NSW Government’s Internet Speed Map Shows The State’s Winners – And Losers

NSW Government’s Internet Speed Map Shows The State’s Winners – And Losers

We all like to complain about our Internet speed, partly because it’s so annoying when your connections are flaky, and partly because it’s near impossible to escape that sneaky feeling that somebody out there has it better than we do.

If you live in New South Wales, you can now quantify your Internet speed in relative terms, with the NSW State Government opening up its Digital Connectivity Index to provide a measure of the quality of digital connections across the state.

What Can I Do With The Digital Connectivity Index?

Digital Connectivity Index Screenshot
The middle of Sydney has pretty good Internet. That’s not really a surprise. (Image: Screenshot)

If you happen to be an approved user by the NSW Government, there would appear to be more granular data available with a login, but anyone can head to the Digital Connectivity Index web site and enter a standard street address to get a snapshot of their suburb or LGA’s Internet speeds on demand, with filtering available for fixed line and mobile broadband quality.

What you’ll then get is a colour-coded indication for quick reference, as well as three scores: Access, Affordability and Demographics.

What you ideally want to see there are scores at least hitting 61 or above, which indicates – as per the digital index website that

“Communities with these scores are likely able to meaningfully conduct digital activities such as working, video conferencing and accessing telehealth.”

So for example in the screenshot above – checking how good the internet connectivity is at the post office in Sydney’s CBD – we can see that it sits rather comfortably in what the index refers to as the “excellent” band for all three scores.

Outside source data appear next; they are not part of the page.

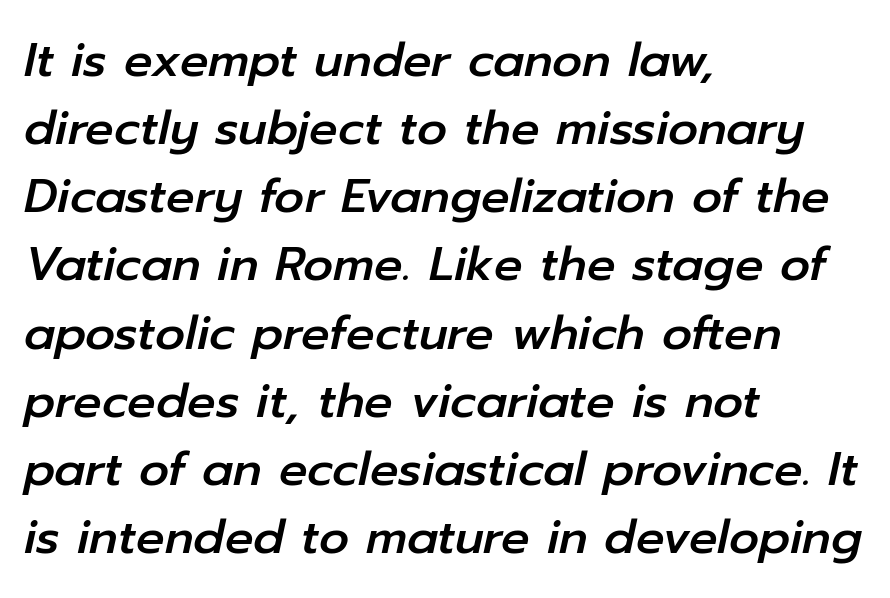
Descender tails drop into unmarked territory. Normally led — the rows are evenly, conventionally spaced. The letters are slanted; this is an italic face. Letter spacing: default. Do the characters align in a grid? No, the font is proportional.
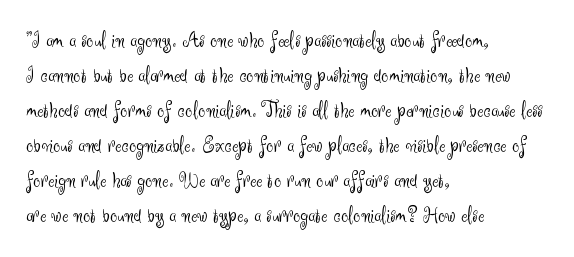
{"italic": "no", "bold": "no", "underline": "no", "align": "left", "line_spacing": "normal", "line_spacing_ratio": 1.52, "letter_spacing": "normal", "letter_spacing_em": 0.0, "glyph_px": 23}
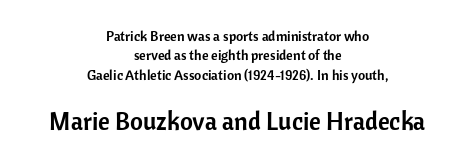
Q: Is the text italic (slanted)? A: No, it is upright.
Q: Is the text underlined? A: No.
Q: How is the paragraph aligned? A: Centered.
Q: Is the spacing between letters normal or unusually wide? A: Normal.
Q: Is the spacing between lines tight, normal or loose? A: Normal.
Q: Which block of text is set in a larger size, the first (top) or the second (bottom)? A: The second (bottom) one.
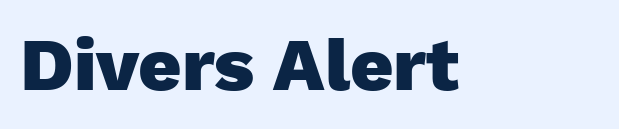
What weight is shown? A full bold with thick strokes. The passage shown has conventional tracking throughout. The type family on display is of the sans-serif kind. Unlike italic type, these characters show no tilt at all. Just letters on the line, the space beneath them empty.
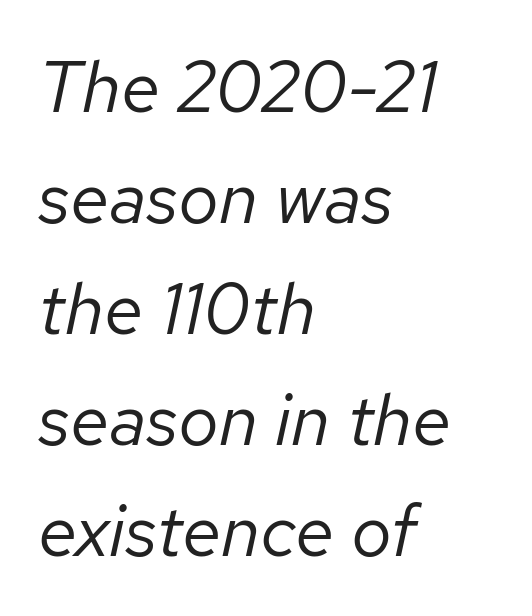
{"italic": "yes", "lean": "right", "slant_degrees": 12, "bold": "no", "weight": "regular", "width": "normal", "stroke_contrast": "low", "x_height": "medium", "monospaced": "no", "underline": "no", "align": "left", "line_spacing": "normal", "line_spacing_ratio": 1.54, "letter_spacing": "normal", "letter_spacing_em": 0.0, "glyph_px": 72}
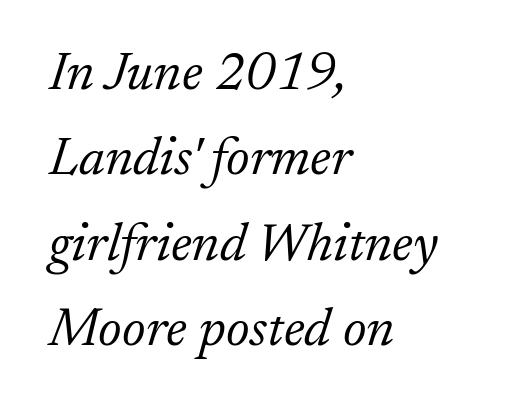
Is this a fixed-width face? No — the glyphs have proportional, varying widths. Check where the strokes stop: tiny serifs finish them off. Emphasis-style slanted type is in use. Nobody drew a line under any word here.
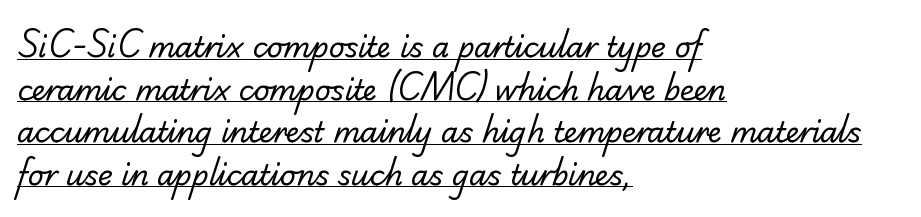
The image shows 28 px regular-weight serif type; set left-aligned, normal line spacing (1.52x), normal letter spacing, underlined; low stroke contrast and a small x-height.
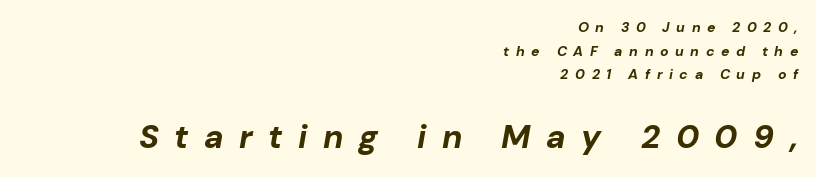
The image shows 33 px bold type, italic (leaning right); set right-aligned, normal line spacing (1.68x), unusually wide letter spacing (+0.47 em), not underlined; the second (bottom) block is 2.36x larger; low stroke contrast and a medium x-height.
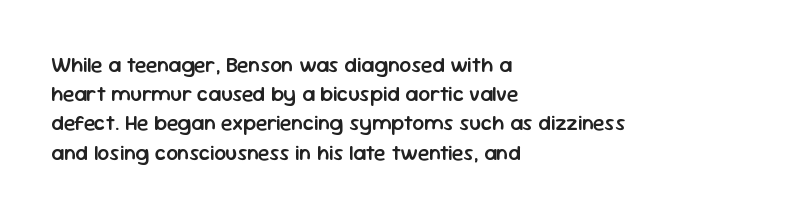
{"italic": "no", "bold": "semi", "underline": "no", "align": "left", "line_spacing": "normal", "line_spacing_ratio": 1.39, "letter_spacing": "normal", "letter_spacing_em": 0.0, "glyph_px": 21}
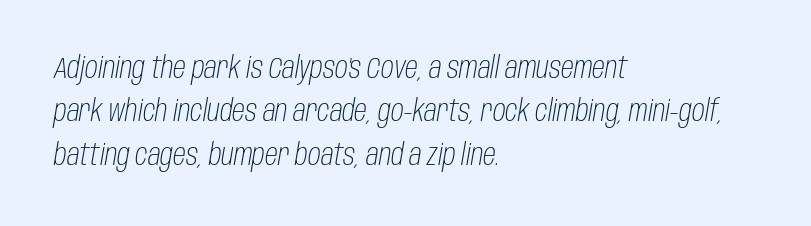
{"italic": "yes", "lean": "right", "slant_degrees": 10, "bold": "no", "weight": "light", "width": "condensed", "stroke_contrast": "low", "x_height": "large", "monospaced": "no", "underline": "no", "align": "left", "line_spacing": "normal", "line_spacing_ratio": 1.5, "letter_spacing": "normal", "letter_spacing_em": 0.0, "glyph_px": 29}
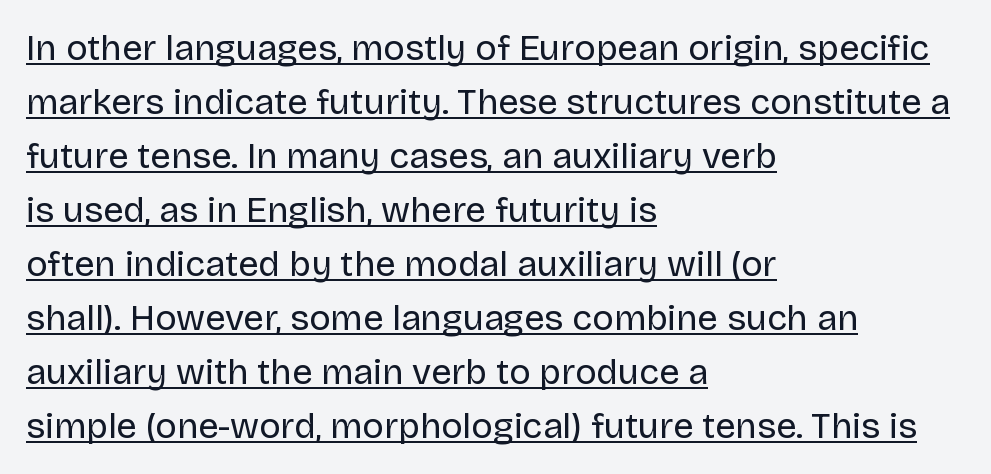
{"serif": "no", "italic": "no", "bold": "no", "weight": "regular", "width": "normal", "stroke_contrast": "low", "x_height": "large", "monospaced": "no", "underline": "yes", "align": "left", "line_spacing": "normal", "line_spacing_ratio": 1.5, "letter_spacing": "normal", "letter_spacing_em": 0.0, "glyph_px": 36}
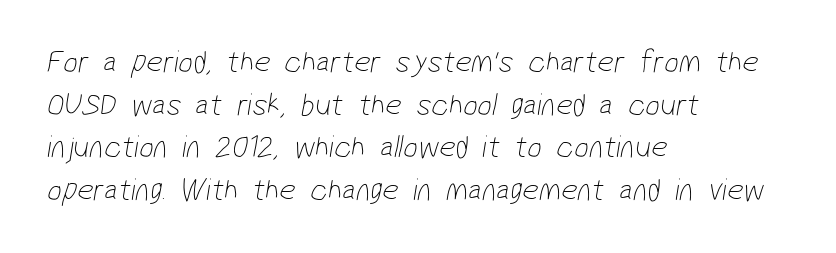
A typesetter would call this zero additional tracking. Horizontal alignment here is leftward, the default for most running prose. The block of text has a typical density, with ordinary space between rows. Is this a fixed-width face? No — the glyphs have proportional, varying widths. The glyphs are unaccompanied by any horizontal stroke below them. Unlike a traditional serif, this face leaves its strokes unadorned.
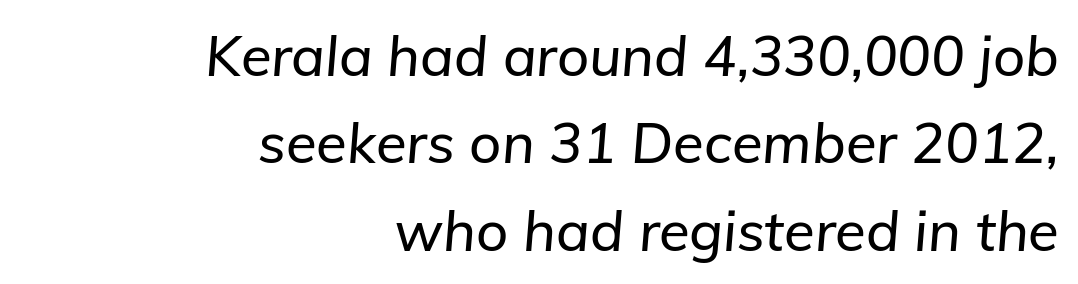
The rows are spaced the way most documents space them. Line ends are locked; line starts wander. Would a proofreader flag this as italicized? Yes. This rendering features lettering with no underline. Does extra space separate the letters? No, they use regular spacing. This sample has the flowing, uneven cadence of proportional lettering.
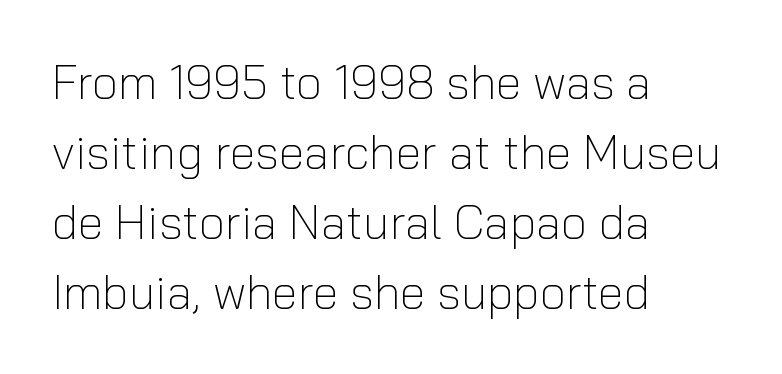
Regarding leading, the lines here are spaced in the standard way. Letterform terminals end flat and unadorned throughout the passage. Every character sits straight up, as roman type does. The rendering uses natural spacing where letterforms have individual widths.
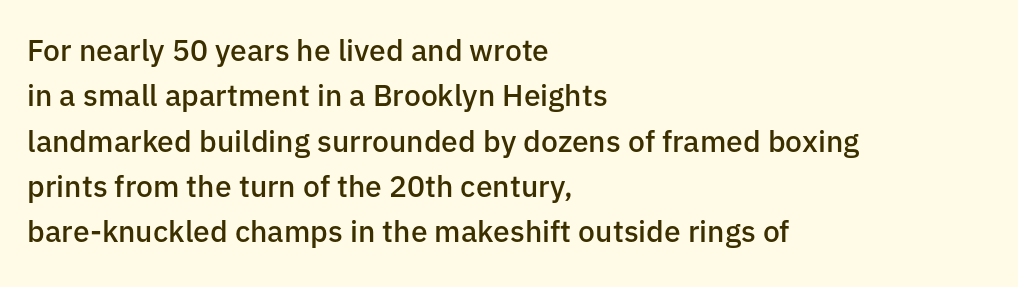
{"serif": "no", "italic": "no", "bold": "semi", "weight": "semibold", "width": "normal", "stroke_contrast": "low", "x_height": "medium", "monospaced": "no", "underline": "no", "align": "left", "line_spacing": "normal", "line_spacing_ratio": 1.51, "letter_spacing": "normal", "letter_spacing_em": 0.0, "glyph_px": 30}
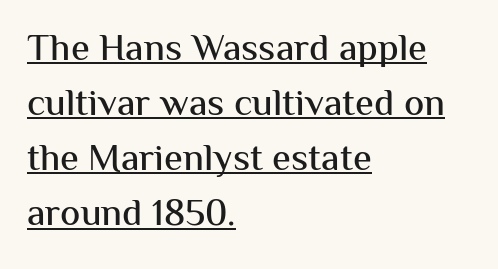
The face used here is rendered with its standard letterfit. The lines sit at an ordinary, default distance from one another. Nope, no serifs anywhere on these letters. Notice how a bar underscores the lettering throughout. You could not count columns in this text — the font is proportionally spaced.
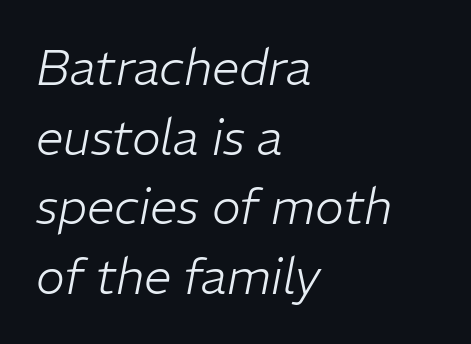
The typesetting does not lean heavy: it is not bold. The vertical gap from one line to the next is medium. The glyphs look as if they've been sheared to an angle. A bare baseline throughout the passage.
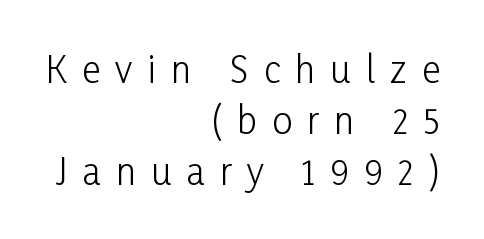
The image shows 36 px light, condensed sans-serif type, upright; set right-aligned, normal line spacing (1.41x), unusually wide letter spacing (+0.42 em), not underlined; low stroke contrast and a medium x-height.
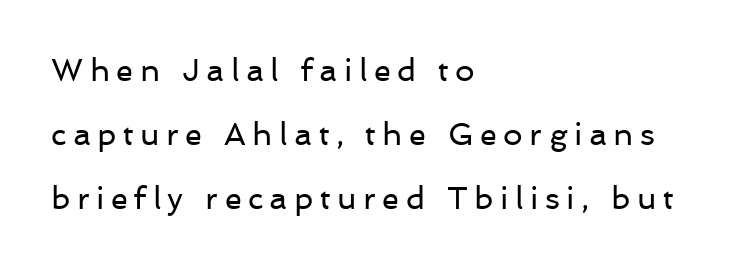
Q: Is the text bold? A: No.
Q: Is the text italic (slanted)? A: No, it is upright.
Q: Is the typeface a serif or a sans-serif typeface? A: Sans-serif.
Q: Is the text underlined? A: No.
Q: How is the paragraph aligned? A: Left-aligned.
Q: Is the spacing between letters normal or unusually wide? A: Unusually wide.
Q: Is the spacing between lines tight, normal or loose? A: Loose.
Q: Width (condensed, normal, or wide)? A: Normal.
Q: Stroke contrast? A: Low.
Q: x-height? A: Medium.
Q: Monospaced? A: No.
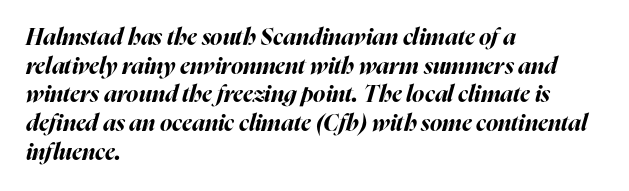
{"italic": "yes", "lean": "right", "slant_degrees": 16, "bold": "yes", "underline": "no", "align": "left", "line_spacing": "normal", "line_spacing_ratio": 1.25, "letter_spacing": "normal", "letter_spacing_em": 0.0, "glyph_px": 23}
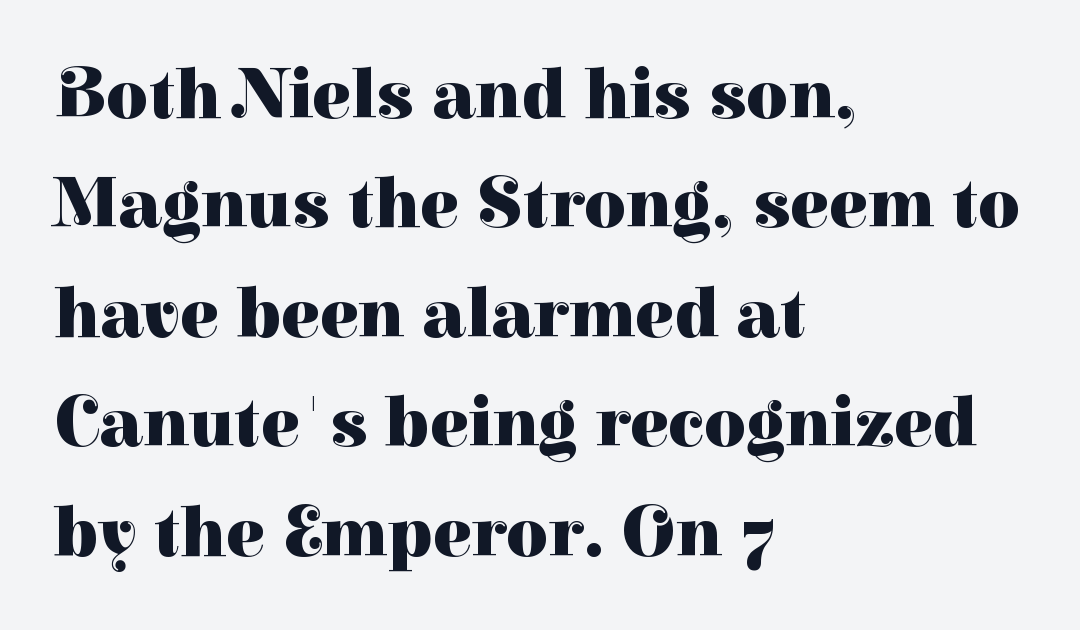
{"serif": "yes", "italic": "no", "bold": "yes", "weight": "heavy", "width": "normal", "stroke_contrast": "high", "x_height": "medium", "monospaced": "no", "underline": "no", "align": "left", "line_spacing": "normal", "line_spacing_ratio": 1.52, "letter_spacing": "normal", "letter_spacing_em": 0.0, "glyph_px": 72}
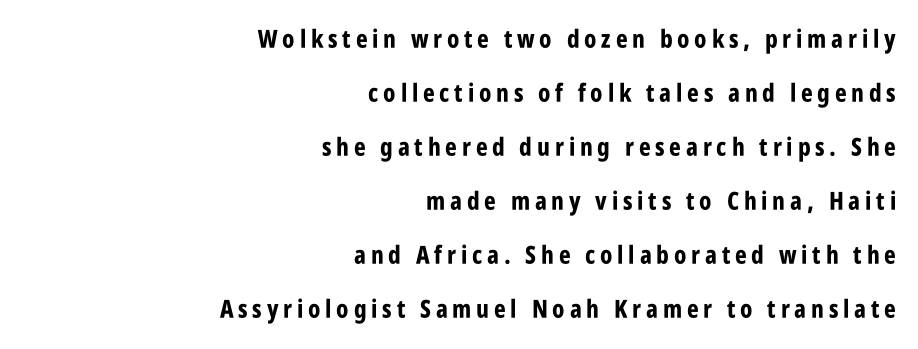
The image shows 25 px bold type, upright; set right-aligned, loose line spacing (2.16x), not underlined.
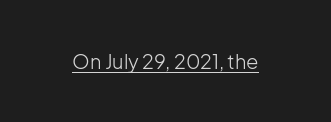
{"italic": "no", "bold": "no", "underline": "yes", "letter_spacing": "normal", "letter_spacing_em": 0.0, "glyph_px": 20}
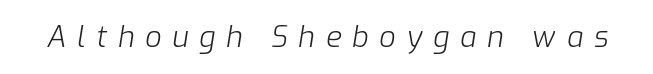
Q: Is the text bold? A: No.
Q: Is the text italic (slanted)? A: Yes, it leans right by about 9 degrees.
Q: Is the text underlined? A: No.
Q: Is the spacing between letters normal or unusually wide? A: Unusually wide.
Q: Width (condensed, normal, or wide)? A: Normal.
Q: Stroke contrast? A: Low.
Q: x-height? A: Medium.
Q: Monospaced? A: No.
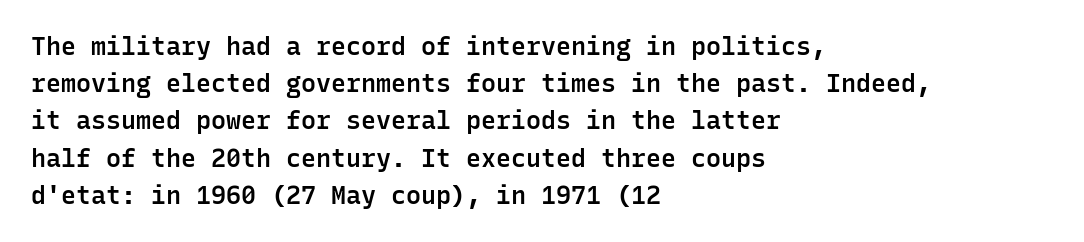
{"italic": "no", "bold": "semi", "underline": "no", "align": "left", "line_spacing": "normal", "line_spacing_ratio": 1.49, "letter_spacing": "normal", "letter_spacing_em": 0.0, "glyph_px": 25}
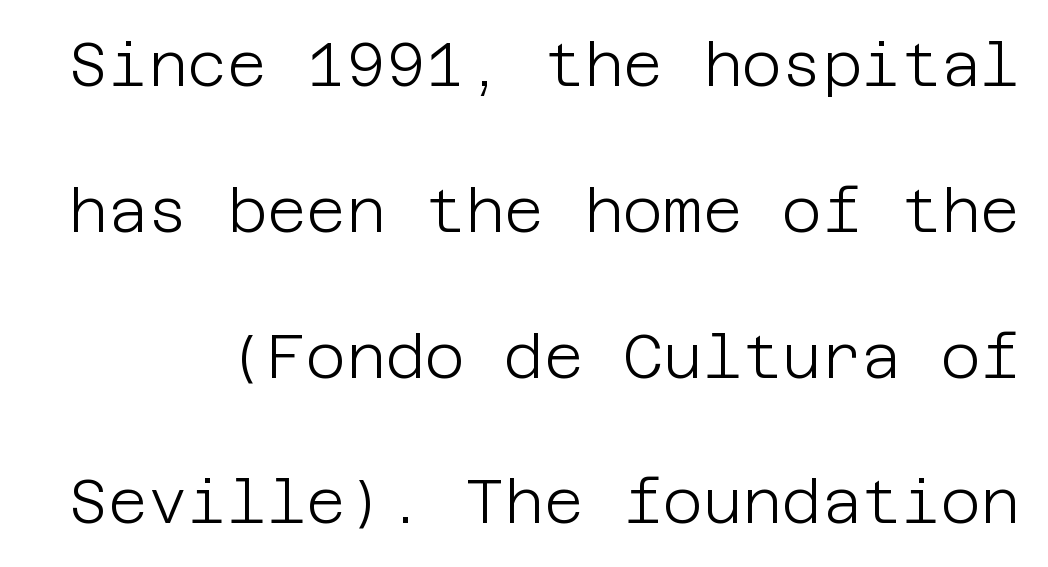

Whereas if you shift your focus to, say, Oaklands in the Riverina region, digital connectivity is a considerably more challenging prospect.

This is… not quite as good, though it is serving a smaller population. (Image: Screenshot)

One caveat here is that while the data is claimed to have been assembled from some 220 million data points, it’s not being calculated and displayed in anything near real-time. While it is continuously updated, it’s primarily based at this time on data from 2022.

The intent here is not so much enviable neighbour-suburb voyeurism, but instead as a tool to help guide investment and development decisions at a government level looking to the future. Like, perhaps – and it’s just a suggestion – getting the good folks of Oaklands some better connectivity at some point. That would be nice.